In Australia they also have The Australian National Young Carers Action Team (ANYCAT) whose goal is to advocate on behalf of young carers (Being young carers themselves) each board member is the sole representative of their state or territory and represent as few as 75 000 Young Carers.
In Most states and Territories they have an ANYCAT equivalent team or Board. In Queensland this is called Young Carers Action Board Queensland (YCABQ).

===Canada===
Caregiving in Canada involves providing essential care services, including personal support, companionship, and medical aid, to help individuals maintain their independence and quality of life.
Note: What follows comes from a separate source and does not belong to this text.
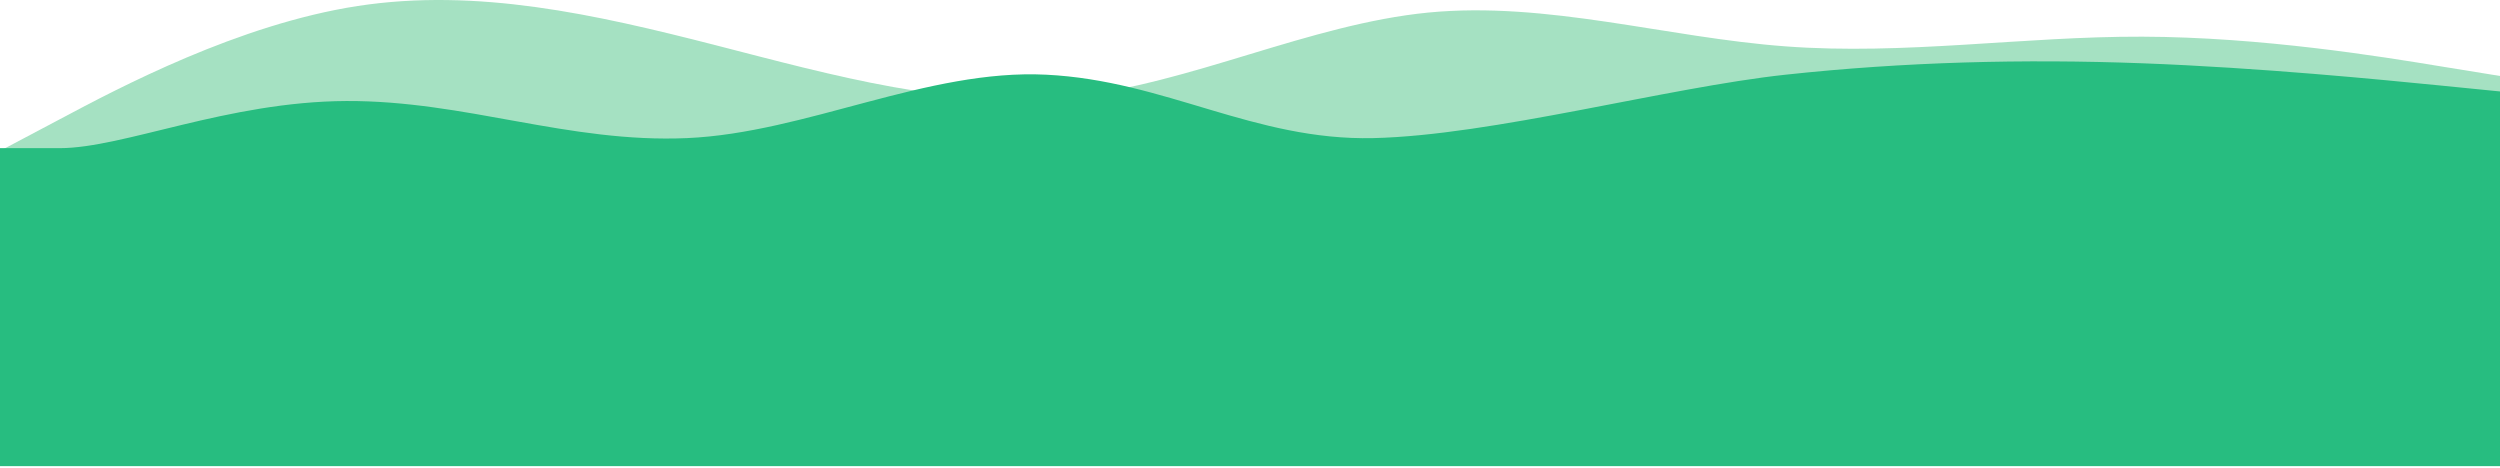 <svg width="1368" height="256" viewBox="0 0 1368 256" fill="none" xmlns="http://www.w3.org/2000/svg">
<path d="M0 82.57L32.68 65.27C65.36 47.87 130.72 13.27 195.776 3.27C260.984 -6.73 325.736 7.87 390.944 24.57C456 41.27 521.36 59.87 586.416 52.87C651.624 45.87 716.376 13.27 781.584 6.87C846.64 0.57 912 20.57 977.056 25.37C1042.26 30.27 1107.02 19.87 1172.22 20.07C1237.28 20.27 1302.64 30.87 1335.32 36.27L1368 41.57V162.57H1335.32C1302.64 162.57 1237.28 162.57 1172.22 162.57C1107.02 162.57 1042.26 162.57 977.056 162.57C912 162.57 846.64 162.57 781.584 162.57C716.376 162.57 651.624 162.57 586.416 162.57C521.36 162.57 456 162.57 390.944 162.57C325.736 162.57 260.984 162.57 195.776 162.57C130.72 162.57 65.36 162.57 32.68 162.57H0V82.57Z" fill="#69CD99" fill-opacity="0.6"/>
<path d="M1368 50.04L1335.32 46.785C1302.64 43.568 1237.28 37.057 1172.22 34.626C1107.02 32.194 1042.26 33.84 977.056 40.874C912 47.908 816.556 74.074 751.5 75.57C686.292 77.067 637.708 44.091 572.5 40.874C507.444 37.619 441.056 72.689 376 75.57C310.792 78.414 254.708 54.979 189.5 55.278C124.444 55.578 67.5 81.07 32.68 81.07H0V255.07H32.68C65.36 255.07 130.72 255.07 195.776 255.07C260.984 255.07 325.736 255.07 390.944 255.07C456 255.07 521.36 255.07 586.416 255.07C651.624 255.07 716.376 255.07 781.584 255.07C846.64 255.07 912 255.07 977.056 255.07C1042.26 255.07 1107.02 255.07 1172.22 255.07C1237.28 255.07 1302.64 255.07 1335.32 255.07H1368V50.04Z" fill="#27BD80"/>
</svg>

It is carried out by trained healthcare assistants and volunteers. Historically, caregiving was an accessible job for many, requiring minimal formal education and offering flexible entry points. However, it has transitioned from being an easily accessible occupation to one that now requires more certifications. Traditionally, no specific educational qualifications were necessary to enter this field. Organizations and private agencies provided brief training, often just a few weeks long, enabling high school graduates or nursing students to take up caregiving roles as a means of earning money and gaining experience.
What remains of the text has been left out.